+++ MATERIALS PROVIDED +++

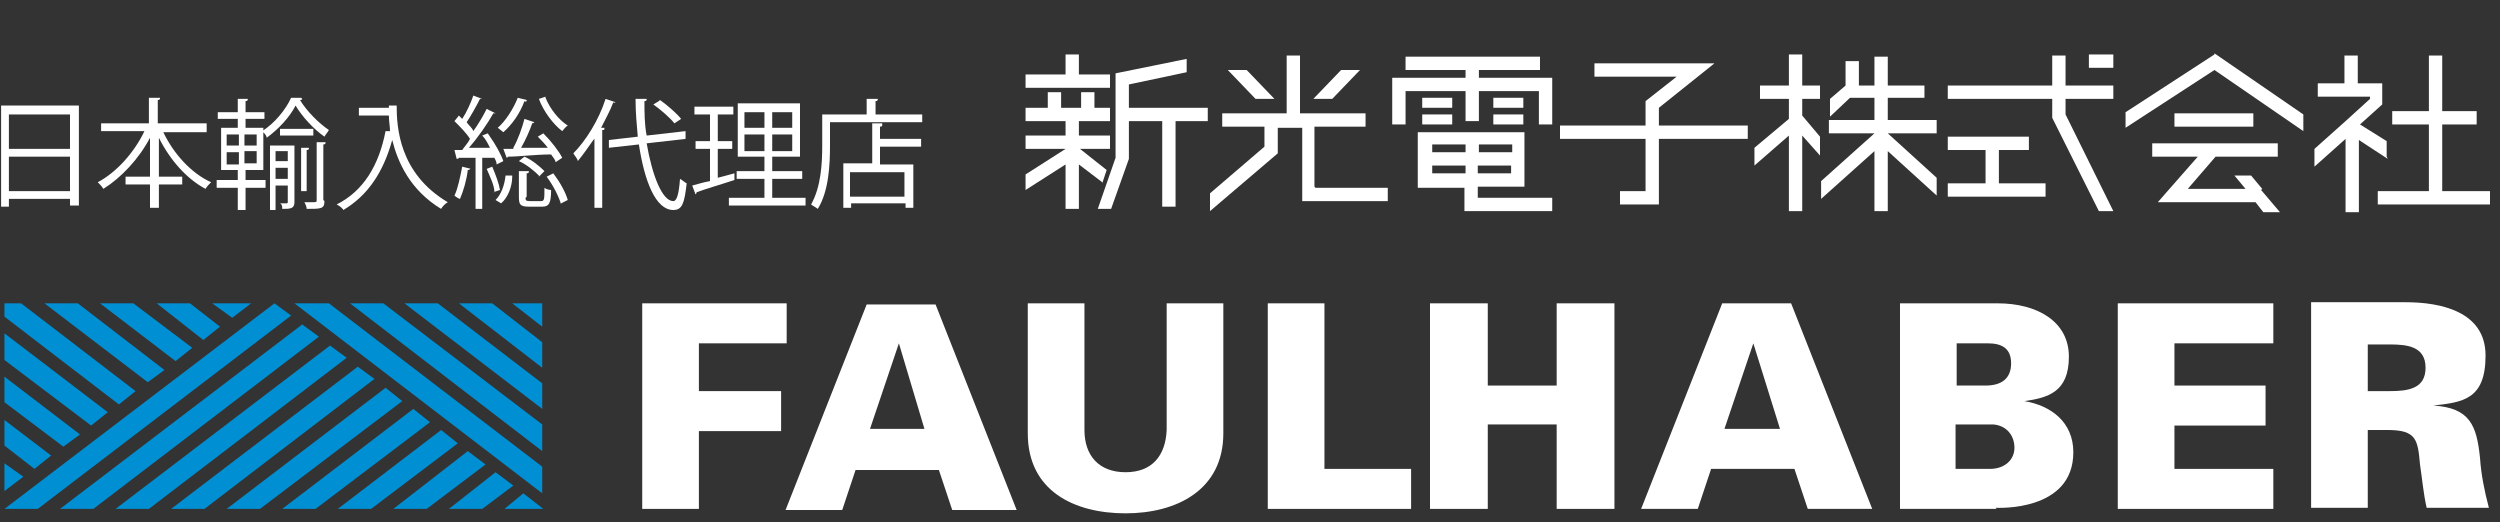 <?xml version="1.0" encoding="UTF-8"?>
<svg id="logo" xmlns="http://www.w3.org/2000/svg" version="1.1" viewBox="0 0 225 47">
  <rect x="0" y="0" width="225" height="47" fill="#333333" stroke="none"/>
  <!-- Generator: Adobe Illustrator 29.3.0, SVG Export Plug-In . SVG Version: 2.1.0 Build 146)  -->
  <defs>
    <style>
      .st0 {
        fill: #008fd3;
      }

      .st1 {
        isolation: isolate;
      }

      .st2 {
        fill: #fff;
      }
    </style>
  </defs>
  <g id="_レイヤー_2">
    <path class="st2" d="M99.9,7.9h-7.6v-1.2h3.6v-1.8h1.2v1.8h2.8v1.2h0ZM99.2,16.5l.4-1.2-2.4-1.9h2.7v-1.2h-2.8v-1.3h2.8v-1.2h-1.4v-1.4h-1.2v1.4h-1.8v-1.4h-1.2v1.4h-2v1.2h3.6v1.3h-3.6v1.2h3.6l-3.6,2.3v1.4l3.6-2.3h0v4h1.2v-4l2.1,1.6h0ZM101.6,7.6l5.2-1.1v-1.2l-6.4,1.3v7.6l-1.6,4.6h1.2l1.6-4.5v-3.4h3v7.7h1.2v-7.7h2.9v-1.2h-7.1v-2.2h0Z"/>
    <path class="st2" d="M118.4,16.9h6.5v1.2h-7.7v-6.6h-2.2v2.3l-6.1,5.2v-1.6l4.9-4.2v-1.8h-3.8v-1.2h5.8v-5.2h1.2v5.2h5.9v1.2h-4.6v5.4ZM114.7,8.9l-2.5-2.6h-1.7l2.5,2.6h1.7ZM122.4,6.3h-1.7l-2.5,2.6h1.7l2.5-2.6Z"/>
    <polygon class="st2" points="133.1 7 133.1 6.3 138.6 6.3 138.6 5.1 126.5 5.1 126.5 6.3 131.9 6.3 131.9 7 125.3 7 125.3 11.2 126.5 11.2 126.5 8.2 131.9 8.2 131.9 10.9 133.1 10.9 133.1 8.2 138.5 8.2 138.5 11.2 139.7 11.2 139.7 7 133.1 7"/>
    <rect class="st2" x="128" y="8.8" width="2.7" height=".9"/>
    <rect class="st2" x="128" y="10.3" width="2.7" height=".9"/>
    <rect class="st2" x="134.4" y="8.8" width="2.7" height=".9"/>
    <rect class="st2" x="134.4" y="10.3" width="2.7" height=".9"/>
    <path class="st2" d="M133,16.8h4.2v-4.9h-9.6v5h4.2v2.1h7.9v-1.2h-6.7v-.9h0ZM133,15.6v-.7h3v.7h-3ZM136.1,13.7h-3v-.7h3v.7ZM128.9,13h3v.7h-3v-.7ZM128.9,15.6v-.7h3v.7h-3Z"/>
    <polygon class="st2" points="157.3 11.3 149.3 11.3 149.3 9.7 154.3 5.7 143.5 5.7 143.5 6.9 150.9 6.9 148.1 9.1 148.1 11.3 140.4 11.3 140.4 12.5 148.1 12.5 148.1 17.2 145.8 17.2 145.8 18.4 149.3 18.4 149.3 12.5 157.3 12.5 157.3 11.3"/>
    <polygon class="st2" points="169.9 8.8 173.2 8.8 173.2 7.7 169.9 7.7 169.9 5.1 168.7 5.1 168.7 7.7 167.3 7.7 167.3 5.5 166.1 5.5 166.1 7.7 164.7 8.9 164.7 10.5 166.5 8.8 166.5 8.8 168.7 8.8 168.7 10.8 164.6 10.8 164.6 12 168.7 12 163.9 16.3 163.9 17.9 168.7 13.6 168.7 19 169.9 19 169.9 13.6 169.9 13.6 174.3 17.6 174.3 16 169.9 12 174.3 12 174.3 10.8 169.9 10.8 169.9 8.8"/>
    <polygon class="st2" points="162.2 4.9 161 4.9 161 7.7 158.4 7.7 158.4 8.9 161 8.9 161 10.7 157.9 13.3 157.9 14.9 161 12.2 161 19 162.2 19 162.2 12.2 162.2 12.2 163.8 14 163.8 13.9 163.8 12.3 162.2 10.4 162.2 10.4 162.2 8.9 163.8 8.9 163.8 7.7 162.2 7.7 162.2 4.9"/>
    <path class="st2" d="M185.9,10.3l4.3,8.7h-1.3l-4.2-8.4v-1.7h-9.4v-1.2h9.4v-2.7h1.2v2.7h4.3v1.2h-4.3s0,1.4,0,1.4ZM179.9,13.5h2.7v-1.2h-7.3v1.2h3.4v3h-3.4v1.2h8.8v-1.2h-4.2v-3ZM190.2,4.9h-2.2v1.2h2.2v-1.2Z"/>
    <path class="st2" d="M224.1,17.2v1.2h-10.1v-1.2h4.6v-6h-3.3v-1.2h3.3v-5h1.2v5h3.1v1.2h-3.1v6h4.3,0ZM214.8,14.1v-1.4l-2.4-1.5,2-1.8v-1.9h-2.2v-2.5h-1.2v2.5h-2.4v1.2h4.7v.2l-2.2,2h0s-2.8,2.5-2.8,2.5v1.6l2.8-2.5h0v6.6h1.2v-6.5l2.6,1.7h0Z"/>
    <path class="st2" d="M199.3,4.8l8,5.5v1.5l-8-5.5-8,5.2h0v-1.4l8-5.2h0ZM195.7,10.2v1.2h7.1v-1.2h-7.1ZM203.6,17h0l-1-1.2h-1.5l1,1.2h-5.2l2.5-2.9h5.6v-1.2h-11.3v1.2h4.1l-3.6,4.1h8.8l.7.9h1.5l-1.7-2h0s0,0,0,0Z"/>
    <polygon class="st2" points="57.8 27.3 57.8 45.8 62.9 45.8 62.9 38.8 70.3 38.8 70.3 35.2 62.9 35.2 62.9 30.9 70.8 30.9 70.8 27.3 57.8 27.3"/>
    <path class="st2" d="M80.9,30.9l2.3,7.7h-4.9l2.6-7.7ZM78,27.4l-7.3,18.5h5.1l1.2-3.6h7.5l1.2,3.6h5.8l-7.3-18.5h-6.2Z"/>
    <path class="st2" d="M105,27.3h5.1v11.7c0,5.1-4.2,7.2-8.8,7.2s-8.8-2-8.8-7.2v-11.7h5.1v11.4c0,2.3,1.3,3.8,3.7,3.8s3.6-1.5,3.7-3.8c0,0,0-11.4,0-11.4Z"/>
    <polygon class="st2" points="127 45.8 114.1 45.8 114.1 27.3 119.2 27.3 119.2 42.2 127 42.2 127 45.8"/>
    <polygon class="st2" points="133.9 45.8 128.7 45.8 128.7 27.3 133.9 27.3 133.9 34.7 140.1 34.7 140.1 27.3 145.3 27.3 145.3 45.8 140.1 45.8 140.1 38.2 133.9 38.2 133.9 45.8"/>
    <path class="st2" d="M152.8,45.8h-5.1l7.3-18.5h6.2l7.3,18.5h-5.8l-1.2-3.6h-7.5l-1.2,3.6h0ZM155.3,38.6h4.9l-2.4-7.7-2.6,7.7h0Z"/>
    <path class="st2" d="M179.7,45.8h-8.7v-18.5h8.8c3.5,0,6.4,1.6,6.4,4.8s-1.9,3.7-4,4c2.4.4,4.4,1.9,4.4,4.6,0,5.4-6.9,5-7,5M176.1,42.2h3c1.3,0,2.2-.8,2.2-1.9s-.7-2-1.9-2.1h-3.4v4h0ZM176.1,30.9v3.8h2.6c1.4,0,2.3-.6,2.3-2s-.9-1.8-2.1-1.8h-2.8,0Z"/>
    <polygon class="st2" points="204.6 45.8 190.6 45.8 190.6 27.3 204.6 27.3 204.6 30.9 195.7 30.9 195.7 34.7 203.9 34.7 203.9 38.3 195.7 38.3 195.7 42.2 204.6 42.2 204.6 45.8"/>
    <path class="st2" d="M213.1,35.2h2c1.6,0,3.2-.2,3.2-2.1s-1.6-2.1-3.2-2.1h-2s0,4.2,0,4.2ZM213.1,38.7v7h-5.1v-18.5h8.5c3.1,0,7.2.8,7.2,4.8s-2.1,4.2-4.7,4.5c3.3.2,3.9,1.8,4.2,4.7.1,1.5.4,3,.8,4.5h-5.6c-.3-1.3-.4-2.6-.6-3.9-.2-2.2-.3-3.1-2.9-3.1h-1.9Z"/>
    <polygon class="st0" points="24.7 27.3 26.2 28.4 3.4 45.8 .4 45.8 24.7 27.3"/>
    <polygon class="st0" points="46.1 27.3 48.8 27.3 48.8 29.4 46.1 27.3"/>
    <polygon class="st0" points="48.8 30.8 48.8 33.1 41.3 27.3 44.3 27.3 48.8 30.8"/>
    <polygon class="st0" points="48.8 34.5 48.8 36.8 36.4 27.3 39.4 27.3 48.8 34.5"/>
    <polygon class="st0" points="48.8 38.2 48.8 40.6 31.5 27.3 34.5 27.3 48.8 38.2"/>
    <polygon class="st0" points="48.8 42 48.8 44.4 26.5 27.3 29.6 27.3 48.8 42"/>
    <polygon class="st0" points="20.9 28.6 19.1 27.3 22.6 27.3 20.9 28.6"/>
    <polygon class="st0" points="14.1 27.3 17.1 27.3 19.8 29.4 18.3 30.6 14.1 27.3"/>
    <polygon class="st0" points="9 27.3 12 27.3 17.3 31.3 15.8 32.5 9 27.3"/>
    <polygon class="st0" points="4 27.3 7 27.3 14.8 33.3 13.3 34.4 4 27.3"/>
    <polygon class="st0" points=".4 28.5 .4 27.3 1.9 27.3 12.2 35.2 10.7 36.4 .4 28.5"/>
    <polygon class="st0" points=".4 32.4 .4 30 9.7 37.1 8.2 38.3 .4 32.4"/>
    <polygon class="st0" points=".4 36.2 .4 33.9 7.2 39.1 5.7 40.2 .4 36.2"/>
    <polygon class="st0" points=".4 40.1 .4 37.8 4.6 41 3.1 42.2 .4 40.1"/>
    <polygon class="st0" points=".4 44.2 .4 41.7 2.1 42.9 .4 44.2"/>
    <polygon class="st0" points="28.7 30.3 8.4 45.8 5.4 45.8 27.2 29.2 28.7 30.3"/>
    <polygon class="st0" points="29.7 31.1 31.2 32.2 13.4 45.8 10.4 45.8 29.7 31.1"/>
    <polygon class="st0" points="32.2 33 33.7 34.1 18.4 45.8 15.4 45.8 32.2 33"/>
    <polygon class="st0" points="34.7 34.9 36.2 36.1 23.4 45.8 20.4 45.8 34.7 34.9"/>
    <polygon class="st0" points="37.2 36.8 38.7 38 28.4 45.8 25.4 45.8 37.2 36.8"/>
    <polygon class="st0" points="33.4 45.8 30.4 45.8 39.7 38.7 41.2 39.9 33.4 45.8"/>
    <polygon class="st0" points="42.1 40.6 43.7 41.8 38.4 45.8 35.4 45.8 42.1 40.6"/>
    <polygon class="st0" points="44.6 42.5 46.2 43.7 43.4 45.8 40.4 45.8 44.6 42.5"/>
    <polygon class="st0" points="47.1 44.4 48.9 45.8 45.4 45.8 47.1 44.4"/>
  </g>
  <g id="_レイヤー_4">
    <g class="st1">
      <g class="st1">
        <path class="st2" d="M.1,9.5h7v9h-.8v-.6H.8v.7H.1v-9.1ZM6.3,10.3H.8v3.1h5.5v-3.1ZM.8,17.2h5.5v-3.1H.8v3.1Z"/>
        <path class="st2" d="M18.6,11.9h-3.9c.9,1.9,2.5,3.7,4.3,4.5-.2.2-.4.4-.5.6-1.7-.9-3.2-2.6-4.2-4.6v3.5h2.1v.7h-2.1v2.1h-.8v-2.1h-2.2v-.7h2.2v-3.5c-1,1.9-2.6,3.6-4.2,4.6-.1-.2-.4-.5-.5-.6,1.7-.9,3.3-2.7,4.2-4.6h-3.9v-.7h4.3v-2.3h1c0,.1,0,.2-.2.2v2.1h4.4v.7Z"/>
        <path class="st2" d="M22.1,15.3v.9h1.8v.7h-1.8v2h-.7v-2h-1.9v-.7h1.9v-.9h-1.5v-3.8h1.5v-.8h-1.8v-.6h1.8v-1.2h.9c0,.1,0,.2-.2.2v1h1.7v.6h-1.7v.8h1.6v3.8h-1.6ZM20.4,12.1v1h1.1v-1h-1.1ZM20.4,13.7v1.1h1.1v-1.1h-1.1ZM23.1,13.1v-1h-1.1v1h1.1ZM23.1,14.7v-1.1h-1.1v1.1h1.1ZM27.2,8.9c0,0,0,.1-.2.1.6,1,1.7,2.1,2.6,2.7-.1.2-.3.4-.4.6-1-.7-2-1.8-2.6-2.8-.5,1-1.5,2.1-2.6,2.9,0-.2-.2-.4-.4-.6,1.1-.7,2.1-1.9,2.6-3h.9ZM26.5,13.1v5.1c0,.6-.4.6-1.1.6,0-.2,0-.4-.2-.5h.6c0,0,.1,0,.1-.1v-1.5h-1.1v2.2h-.5v-5.8h2.3ZM25.9,13.6h-1.1v.9h1.1v-.9ZM24.8,16.1h1.1v-1h-1.1v1ZM25.2,12.2v-.6h3v.6h-3ZM27.8,13.4c0,0,0,.1-.2.1v3.7h-.5v-3.9h.7ZM29.2,18.1c0,.7-.3.7-1.6.7,0-.2-.1-.4-.2-.6.2,0,.5,0,.6,0,.5,0,.5,0,.5-.2v-5.2h.8c0,.1,0,.2-.2.2v5Z"/>
        <path class="st2" d="M35,9.5h.7c0,1.9.2,6.1,4.6,8.7-.2.1-.5.4-.6.6-2.8-1.7-3.9-4.2-4.4-6.2-.8,2.9-2.2,5-4.4,6.3-.1-.2-.4-.4-.6-.5,2.4-1.2,3.8-3.5,4.4-6.6h.4c0-.4-.1-.9-.1-1.4h-2.7v-.7h2.7Z"/>
        <path class="st2" d="M44.1,12.3c.5.7,1,1.6,1.2,2.2l-.6.3c0-.2-.1-.4-.2-.6-.4,0-.7,0-1.1,0v4.6h-.6v-4.6c-.6,0-1.1,0-1.5,0,0,0,0,.1-.2.1l-.2-.8h.7c.2-.3.5-.6.7-1-.3-.5-.9-1.1-1.4-1.6l.4-.5.3.3c.4-.6.8-1.5,1-2.1l.8.3c0,0-.1,0-.2,0-.3.6-.8,1.5-1.2,2.1.2.3.5.5.6.8.5-.7.9-1.4,1.2-2l.8.4c0,0-.1,0-.2,0-.5.9-1.4,2.2-2.2,3.1h1.9c-.2-.4-.4-.8-.7-1.1l.5-.2ZM42.3,15.2c0,0,0,.1-.2.1-.1.9-.4,1.9-.7,2.6-.1,0-.4-.2-.5-.3.3-.6.5-1.6.7-2.6l.8.2ZM44.5,17.3c0-.6-.4-1.4-.7-2.1l.5-.2c.3.7.6,1.5.7,2.1l-.6.2ZM46.1,15.9c0,.9-.4,1.9-1,2.4l-.5-.3c.5-.5.8-1.3.9-2.2h.6ZM47.4,9.1c0,0-.1.1-.2,0-.4,1.1-1.1,2.1-1.9,2.8-.1-.1-.4-.3-.5-.4.7-.6,1.4-1.7,1.8-2.7l.8.2ZM46.2,13.3c.4-.7.8-1.8,1-2.6l.9.3c0,0-.1.1-.2.1-.2.6-.6,1.5-1,2.2.7,0,1.5,0,2.4,0-.3-.4-.6-.7-.9-1l.5-.3c.7.7,1.4,1.6,1.7,2.2l-.6.4c0-.2-.2-.4-.4-.7-1.4,0-2.9.2-3.9.2,0,0,0,.1-.1.1l-.3-.8h.9ZM47.3,17.8c0,.2,0,.3.4.3h1c.3,0,.3-.2.3-1.2.1.1.4.2.6.2,0,1.2-.2,1.5-.8,1.5h-1.2c-.8,0-.9-.2-.9-.9v-2.3h.9c0,.1,0,.2-.2.2v2.1ZM48.5,15.8c-.4-.4-1.1-1-1.8-1.3l.5-.4c.7.3,1.4.9,1.8,1.3l-.5.5ZM49.1,8.8c.4,1,1.2,2,2,2.5-.2.1-.4.4-.5.5-.8-.6-1.7-1.8-2.1-2.9l.6-.2ZM50.5,18.4c-.2-.7-.7-1.7-1.3-2.5l.6-.3c.6.8,1.1,1.7,1.3,2.4l-.6.3Z"/>
        <path class="st2" d="M53.4,12.6c-.5.7-.9,1.3-1.4,1.9,0-.2-.3-.5-.4-.7,1.1-1.1,2.3-3,2.9-4.9l.9.3c0,0-.1.1-.2,0-.3.8-.7,1.5-1.1,2.3h.3c0,.2,0,.2-.2.2v7h-.7v-6.2ZM61.7,12.5l-3.5.4c.5,2.9,1.4,5.2,2.4,5.2.3,0,.5-.6.6-2,.2.1.4.3.6.4-.2,1.8-.4,2.4-1.2,2.4-1.6,0-2.6-2.6-3.1-5.9l-2.7.3v-.7c0,0,2.6-.3,2.6-.3-.1-1.1-.2-2.2-.2-3.4h1c0,.1,0,.2-.2.2,0,1,0,2.1.2,3.1l3.5-.4v.7ZM59.4,9c.7.5,1.5,1.2,1.9,1.7l-.6.4c-.4-.5-1.2-1.2-1.9-1.7l.5-.3Z"/>
        <path class="st2" d="M64.6,13.3v2.7l1.5-.4c0,0,0,.1,0,.6-1.2.4-2.6.8-3.4,1.1,0,0,0,.1-.1.2l-.3-.8c.4-.1,1-.3,1.6-.4v-2.9h-1.3v-.7h1.3v-2.4h-1.4v-.7h3.5v.7h-1.4v2.4h1.3v.7h-1.3ZM69.5,17.8h3v.7h-6.9v-.7h3.2v-1.7h-2.5v-.7h2.5v-1.3h-2.4v-4.8h5.6v4.8h-2.5v1.3h2.7v.7h-2.7v1.7ZM67,10.1v1.4h1.8v-1.4h-1.8ZM67,13.6h1.8v-1.5h-1.8v1.5ZM71.3,11.5v-1.4h-1.8v1.4h1.8ZM71.3,13.6v-1.5h-1.8v1.5h1.8Z"/>
        <path class="st2" d="M78.8,10.3h4.2v.7h-8.3v2.1c0,1.7-.1,4.1-1.1,5.7-.1-.1-.5-.3-.6-.4.9-1.6,1-3.7,1-5.3v-2.8h4v-1.4h1c0,.1,0,.2-.2.2v1.2ZM79.4,11.3c0,0,0,.1-.2.1v1.1h3.7v.7h-3.7v1.6h3v3.9h-.7v-.4h-4.9v.4h-.7v-4h2.6v-3.6h.9ZM81.4,17.7v-2.2h-4.9v2.2h4.9Z"/>
      </g>
    </g>
  </g>
</svg>

+++

ASSIGNMENT. From the entries above, show each line that includes the string "rect".

SOLUTION FOR THIS EXERCISE.
  <rect x="0" y="0" width="225" height="47" fill="#333333" stroke="none"/>
    <rect class="st2" x="128" y="8.8" width="2.7" height=".9"/>
    <rect class="st2" x="128" y="10.3" width="2.7" height=".9"/>
    <rect class="st2" x="134.4" y="8.8" width="2.7" height=".9"/>
    <rect class="st2" x="134.4" y="10.3" width="2.7" height=".9"/>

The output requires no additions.